## Exercise brief:
Please filter the entries for the word "Quality" and copy every line that has it.
>>>
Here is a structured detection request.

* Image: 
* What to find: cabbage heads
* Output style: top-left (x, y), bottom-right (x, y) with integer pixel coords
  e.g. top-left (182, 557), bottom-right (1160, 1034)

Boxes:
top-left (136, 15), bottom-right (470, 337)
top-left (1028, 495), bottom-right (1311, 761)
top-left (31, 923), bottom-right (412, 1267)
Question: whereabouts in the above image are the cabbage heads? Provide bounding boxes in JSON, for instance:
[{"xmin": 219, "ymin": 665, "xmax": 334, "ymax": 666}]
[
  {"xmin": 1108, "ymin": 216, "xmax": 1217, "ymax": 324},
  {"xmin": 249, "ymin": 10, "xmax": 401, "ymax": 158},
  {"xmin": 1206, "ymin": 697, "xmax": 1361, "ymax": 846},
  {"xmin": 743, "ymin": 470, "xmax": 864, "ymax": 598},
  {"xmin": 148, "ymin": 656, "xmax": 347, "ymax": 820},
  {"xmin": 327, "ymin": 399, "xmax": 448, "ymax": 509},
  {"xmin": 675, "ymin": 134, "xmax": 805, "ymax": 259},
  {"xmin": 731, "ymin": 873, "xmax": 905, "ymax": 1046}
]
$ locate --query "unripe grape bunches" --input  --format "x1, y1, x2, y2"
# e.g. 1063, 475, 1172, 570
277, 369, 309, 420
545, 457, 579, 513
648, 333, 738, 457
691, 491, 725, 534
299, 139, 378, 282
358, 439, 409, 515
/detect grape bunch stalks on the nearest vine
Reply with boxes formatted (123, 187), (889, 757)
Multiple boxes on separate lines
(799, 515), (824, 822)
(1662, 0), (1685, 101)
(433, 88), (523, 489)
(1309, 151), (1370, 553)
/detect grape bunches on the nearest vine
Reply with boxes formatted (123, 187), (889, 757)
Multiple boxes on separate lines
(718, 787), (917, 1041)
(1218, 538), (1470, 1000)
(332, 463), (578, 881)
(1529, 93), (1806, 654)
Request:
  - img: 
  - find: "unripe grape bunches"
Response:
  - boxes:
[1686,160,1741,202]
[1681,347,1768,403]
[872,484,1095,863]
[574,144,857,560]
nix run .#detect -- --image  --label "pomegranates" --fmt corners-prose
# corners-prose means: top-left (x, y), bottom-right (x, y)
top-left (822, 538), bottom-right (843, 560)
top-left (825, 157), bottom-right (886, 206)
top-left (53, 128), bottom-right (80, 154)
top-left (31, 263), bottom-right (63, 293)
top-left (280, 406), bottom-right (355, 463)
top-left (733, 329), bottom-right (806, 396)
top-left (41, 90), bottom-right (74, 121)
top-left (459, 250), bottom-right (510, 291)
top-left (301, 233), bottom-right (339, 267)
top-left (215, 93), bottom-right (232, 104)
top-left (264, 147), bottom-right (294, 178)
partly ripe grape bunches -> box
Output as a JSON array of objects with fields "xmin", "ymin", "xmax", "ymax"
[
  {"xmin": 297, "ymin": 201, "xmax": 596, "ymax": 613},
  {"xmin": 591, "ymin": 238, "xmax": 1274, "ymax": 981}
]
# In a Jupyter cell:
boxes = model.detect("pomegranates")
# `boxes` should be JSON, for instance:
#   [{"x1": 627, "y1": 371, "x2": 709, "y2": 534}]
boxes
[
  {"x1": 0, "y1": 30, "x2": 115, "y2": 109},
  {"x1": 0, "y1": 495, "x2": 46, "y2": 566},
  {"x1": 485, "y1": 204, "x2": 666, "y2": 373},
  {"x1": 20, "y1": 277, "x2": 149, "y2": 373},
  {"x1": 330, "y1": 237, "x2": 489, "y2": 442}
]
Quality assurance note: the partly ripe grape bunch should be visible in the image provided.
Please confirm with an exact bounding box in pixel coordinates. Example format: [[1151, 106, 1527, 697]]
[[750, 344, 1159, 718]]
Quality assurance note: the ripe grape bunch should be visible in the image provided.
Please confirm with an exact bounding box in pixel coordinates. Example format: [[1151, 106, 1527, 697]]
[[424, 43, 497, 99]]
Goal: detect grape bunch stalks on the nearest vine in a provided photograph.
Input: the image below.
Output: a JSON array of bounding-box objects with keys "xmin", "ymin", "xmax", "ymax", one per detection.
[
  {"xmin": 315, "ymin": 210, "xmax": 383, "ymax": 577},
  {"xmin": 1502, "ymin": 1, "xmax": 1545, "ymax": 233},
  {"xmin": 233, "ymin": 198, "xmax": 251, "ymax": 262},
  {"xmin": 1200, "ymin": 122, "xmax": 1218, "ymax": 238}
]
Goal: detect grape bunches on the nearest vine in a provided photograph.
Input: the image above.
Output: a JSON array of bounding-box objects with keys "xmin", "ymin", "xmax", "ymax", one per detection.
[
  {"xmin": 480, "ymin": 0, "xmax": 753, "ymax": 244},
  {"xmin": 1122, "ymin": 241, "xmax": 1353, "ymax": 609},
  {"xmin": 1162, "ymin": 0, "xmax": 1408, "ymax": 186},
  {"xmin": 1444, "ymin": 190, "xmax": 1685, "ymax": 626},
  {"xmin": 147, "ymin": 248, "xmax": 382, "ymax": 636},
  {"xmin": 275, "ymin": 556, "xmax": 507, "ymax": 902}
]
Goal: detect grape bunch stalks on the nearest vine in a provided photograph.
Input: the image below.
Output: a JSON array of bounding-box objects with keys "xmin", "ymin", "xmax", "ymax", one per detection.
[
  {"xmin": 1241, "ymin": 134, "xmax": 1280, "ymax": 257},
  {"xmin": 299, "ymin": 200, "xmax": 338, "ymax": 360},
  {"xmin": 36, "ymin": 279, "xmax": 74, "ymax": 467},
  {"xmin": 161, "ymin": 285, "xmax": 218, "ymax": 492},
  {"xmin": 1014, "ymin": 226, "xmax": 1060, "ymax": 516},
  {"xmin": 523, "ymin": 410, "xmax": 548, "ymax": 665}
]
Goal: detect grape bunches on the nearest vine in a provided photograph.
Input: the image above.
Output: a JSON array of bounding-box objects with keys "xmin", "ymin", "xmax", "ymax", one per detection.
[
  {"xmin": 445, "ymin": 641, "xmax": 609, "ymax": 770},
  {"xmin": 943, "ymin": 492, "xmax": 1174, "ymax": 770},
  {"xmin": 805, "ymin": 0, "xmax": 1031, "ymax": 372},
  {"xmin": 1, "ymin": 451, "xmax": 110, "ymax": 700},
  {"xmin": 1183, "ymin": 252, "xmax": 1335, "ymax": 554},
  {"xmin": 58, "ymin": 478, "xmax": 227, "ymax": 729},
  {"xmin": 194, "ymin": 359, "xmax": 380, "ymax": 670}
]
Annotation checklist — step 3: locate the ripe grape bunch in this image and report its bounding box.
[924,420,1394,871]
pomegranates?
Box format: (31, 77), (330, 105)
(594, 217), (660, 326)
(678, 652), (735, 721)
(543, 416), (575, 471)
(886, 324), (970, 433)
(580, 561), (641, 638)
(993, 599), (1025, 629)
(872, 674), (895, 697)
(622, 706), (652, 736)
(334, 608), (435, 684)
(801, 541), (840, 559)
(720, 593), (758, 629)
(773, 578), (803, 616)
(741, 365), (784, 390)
<<<
## Answer below:
Quality assurance note: the partly ripe grape bunch should be visible in the image provided.
Quality assurance note: the ripe grape bunch should be visible in the image provided.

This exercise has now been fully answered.